In its brief to the Court of Appeals, the state argued that the public records law, ORS chapter 192, is part of the context of ORS 137.225 and, because the public records law defines criminal law investigative reports as confidential records exempt from public disclosure, such reports cannot be “official” records. The state relies on ORS 192.501(3), which exempts from disclosure, unless the public interest requires it:
“Investigatory information compiled for criminal law purposes.”
That argument is not persuasive. We reject that argument, because an exemption from disclosure in the public records law found in ORS 192.501 simply says nothing about whether the legislature intended to prevent sealing an official record under ORS 137.225.
Moreover, ORS 192.501(3) confirms that police investigatory reports are official records.

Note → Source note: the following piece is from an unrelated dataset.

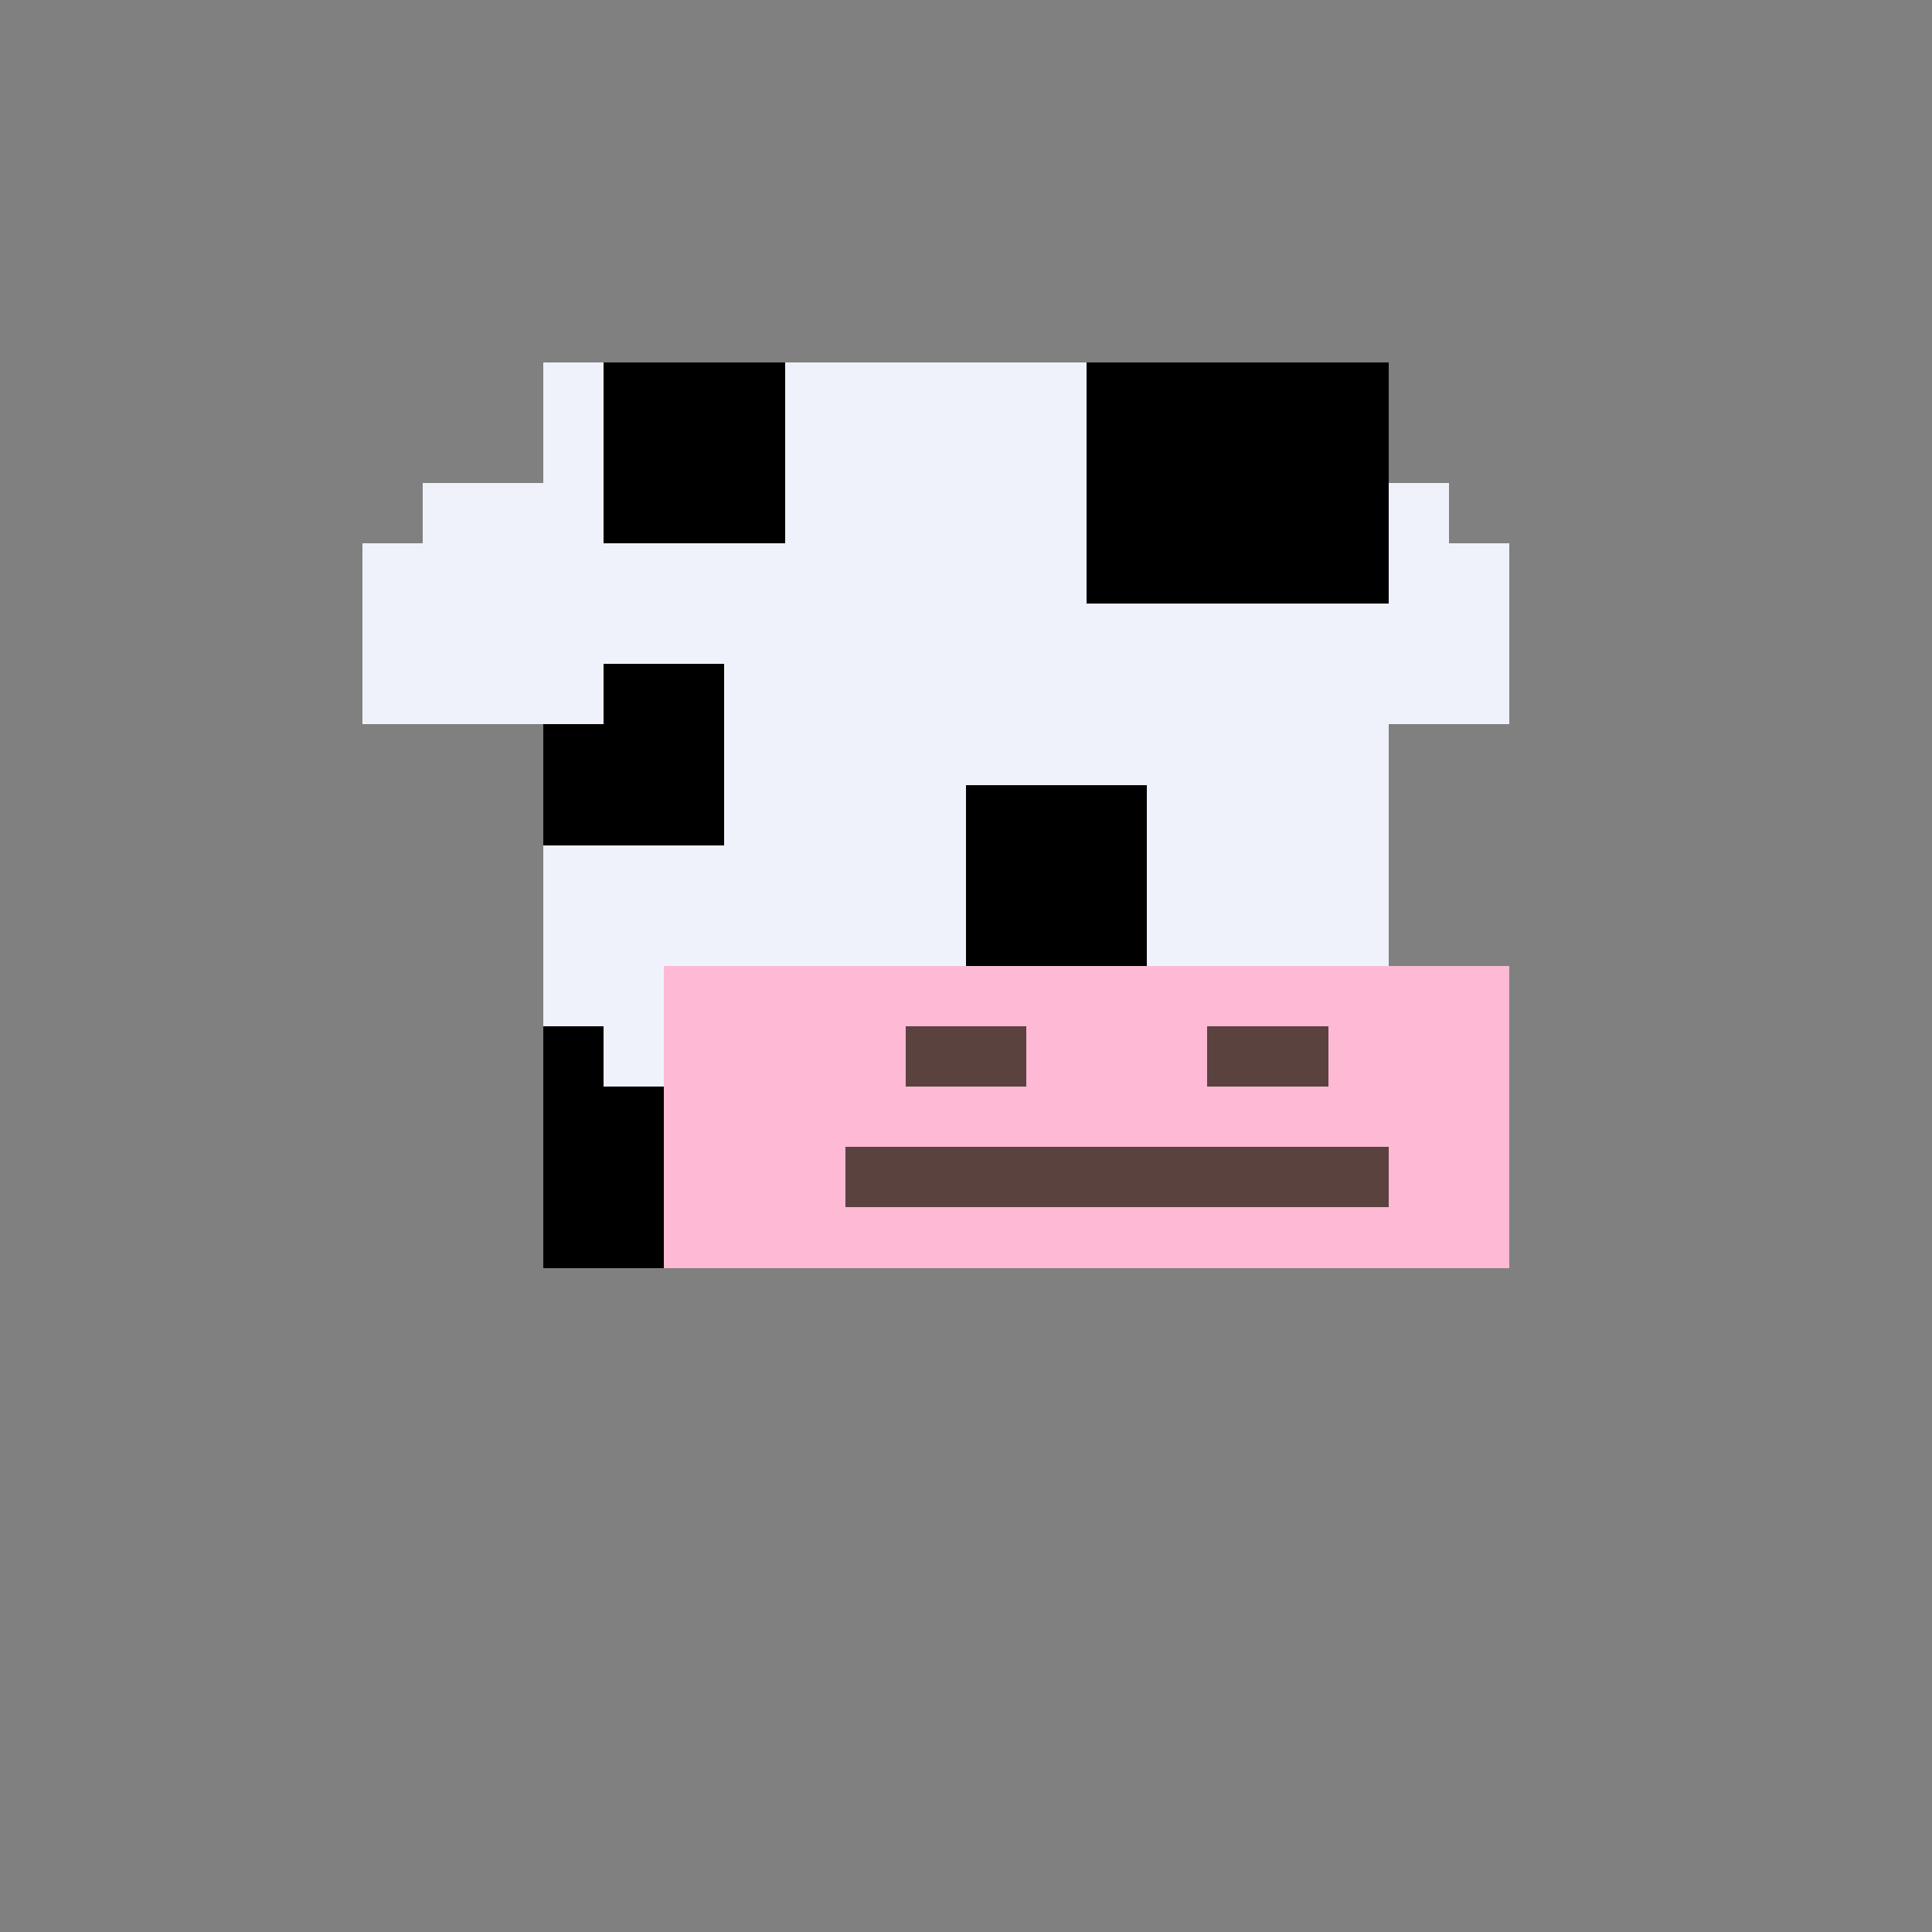 <svg width="320" height="320" viewBox="0 0 320 320" xmlns="http://www.w3.org/2000/svg" shape-rendering="crispEdges"><rect x="0" y="0" width="320" height="320" fill="#808080" stroke="none"/><rect width="100%" height="100%" fill="none" /><rect width="10" height="10" x="90" y="60" fill="#eff2fa" shape-rendering="crispEdges" /><rect width="30" height="10" x="100" y="60" fill="#000000" shape-rendering="crispEdges" /><rect width="50" height="10" x="130" y="60" fill="#eff2fa" shape-rendering="crispEdges" /><rect width="50" height="10" x="180" y="60" fill="#000000" shape-rendering="crispEdges" /><rect width="10" height="10" x="90" y="70" fill="#eff2fa" shape-rendering="crispEdges" /><rect width="30" height="10" x="100" y="70" fill="#000000" shape-rendering="crispEdges" /><rect width="50" height="10" x="130" y="70" fill="#eff2fa" shape-rendering="crispEdges" /><rect width="50" height="10" x="180" y="70" fill="#000000" shape-rendering="crispEdges" /><rect width="30" height="10" x="70" y="80" fill="#eff2fa" shape-rendering="crispEdges" /><rect width="30" height="10" x="100" y="80" fill="#000000" shape-rendering="crispEdges" /><rect width="50" height="10" x="130" y="80" fill="#eff2fa" shape-rendering="crispEdges" /><rect width="50" height="10" x="180" y="80" fill="#000000" shape-rendering="crispEdges" /><rect width="10" height="10" x="230" y="80" fill="#eff2fa" shape-rendering="crispEdges" /><rect width="120" height="10" x="60" y="90" fill="#eff2fa" shape-rendering="crispEdges" /><rect width="50" height="10" x="180" y="90" fill="#000000" shape-rendering="crispEdges" /><rect width="20" height="10" x="230" y="90" fill="#eff2fa" shape-rendering="crispEdges" /><rect width="190" height="10" x="60" y="100" fill="#eff2fa" shape-rendering="crispEdges" /><rect width="40" height="10" x="60" y="110" fill="#eff2fa" shape-rendering="crispEdges" /><rect width="20" height="10" x="100" y="110" fill="#000000" shape-rendering="crispEdges" /><rect width="130" height="10" x="120" y="110" fill="#eff2fa" shape-rendering="crispEdges" /><rect width="30" height="10" x="90" y="120" fill="#000000" shape-rendering="crispEdges" /><rect width="110" height="10" x="120" y="120" fill="#eff2fa" shape-rendering="crispEdges" /><rect width="30" height="10" x="90" y="130" fill="#000000" shape-rendering="crispEdges" /><rect width="40" height="10" x="120" y="130" fill="#eff2fa" shape-rendering="crispEdges" /><rect width="30" height="10" x="160" y="130" fill="#000000" shape-rendering="crispEdges" /><rect width="40" height="10" x="190" y="130" fill="#eff2fa" shape-rendering="crispEdges" /><rect width="70" height="10" x="90" y="140" fill="#eff2fa" shape-rendering="crispEdges" /><rect width="30" height="10" x="160" y="140" fill="#000000" shape-rendering="crispEdges" /><rect width="40" height="10" x="190" y="140" fill="#eff2fa" shape-rendering="crispEdges" /><rect width="70" height="10" x="90" y="150" fill="#eff2fa" shape-rendering="crispEdges" /><rect width="30" height="10" x="160" y="150" fill="#000000" shape-rendering="crispEdges" /><rect width="40" height="10" x="190" y="150" fill="#eff2fa" shape-rendering="crispEdges" /><rect width="20" height="10" x="90" y="160" fill="#eff2fa" shape-rendering="crispEdges" /><rect width="140" height="10" x="110" y="160" fill="#feb9d5" shape-rendering="crispEdges" /><rect width="10" height="10" x="90" y="170" fill="#000000" shape-rendering="crispEdges" /><rect width="10" height="10" x="100" y="170" fill="#eff2fa" shape-rendering="crispEdges" /><rect width="40" height="10" x="110" y="170" fill="#feb9d5" shape-rendering="crispEdges" /><rect width="20" height="10" x="150" y="170" fill="#5a423f" shape-rendering="crispEdges" /><rect width="30" height="10" x="170" y="170" fill="#feb9d5" shape-rendering="crispEdges" /><rect width="20" height="10" x="200" y="170" fill="#5a423f" shape-rendering="crispEdges" /><rect width="30" height="10" x="220" y="170" fill="#feb9d5" shape-rendering="crispEdges" /><rect width="20" height="10" x="90" y="180" fill="#000000" shape-rendering="crispEdges" /><rect width="140" height="10" x="110" y="180" fill="#feb9d5" shape-rendering="crispEdges" /><rect width="20" height="10" x="90" y="190" fill="#000000" shape-rendering="crispEdges" /><rect width="30" height="10" x="110" y="190" fill="#feb9d5" shape-rendering="crispEdges" /><rect width="90" height="10" x="140" y="190" fill="#5a423f" shape-rendering="crispEdges" /><rect width="20" height="10" x="230" y="190" fill="#feb9d5" shape-rendering="crispEdges" /><rect width="20" height="10" x="90" y="200" fill="#000000" shape-rendering="crispEdges" /><rect width="140" height="10" x="110" y="200" fill="#feb9d5" shape-rendering="crispEdges" /></svg>

Were that not so, there would be no occasion to deal with such records as “public” records to be exempted from disclosure. ORS 192.501(3) provides a complementary exemption from disclosure of such investigatory information compiled for criminal law purposes in circumstances in which an order setting aside and sealing the record of arrest or conviction is not present.
The state makes other arguments that, if they were well taken, would in effect remove the words “other official records in the case” from the operative effects of ORS *11137.225(3). Although innovative, those arguments are not well taken.6
The word “other” signifies something in addition to a record of conviction or a record of arrest. The trailing specific phrase “including the records of arrest” indicates that the “other official records” referred to are not records of arrest, although they may be similar to them. That phrase further designates one example of what are other official records and denotes that a conviction record is not necessary to make the provision for sealing other “official records” applicable.7
As stated above, we take the words “official records” to mean records created by a government agency. The police are an agency of government; police reports are “official records.” However, as noted, the only official records mandated to be sealed are those “in the case” as to which a motion under ORS 137.225 has been filed and granted. A case-by-case, fact-specific inquiry must be undertaken where the issue arises that the records addressed are not records in the case, but no such issue is raised in this “case.”
*12The district court erred when it created an exception not found in ORS 137.225. The portion of the district court’s order that affirmatively excluded from sealing certain official records in the case, i.e., police investigative reports in the case, constituted error depriving K. P. of the relief to which the statute entitles her.
The decision of the Court of Appeals is reversed. That part of the district court order excluding certain records in the case from the remaining provisions of the order is vacated, and this case is remanded to the district court for further proceedings.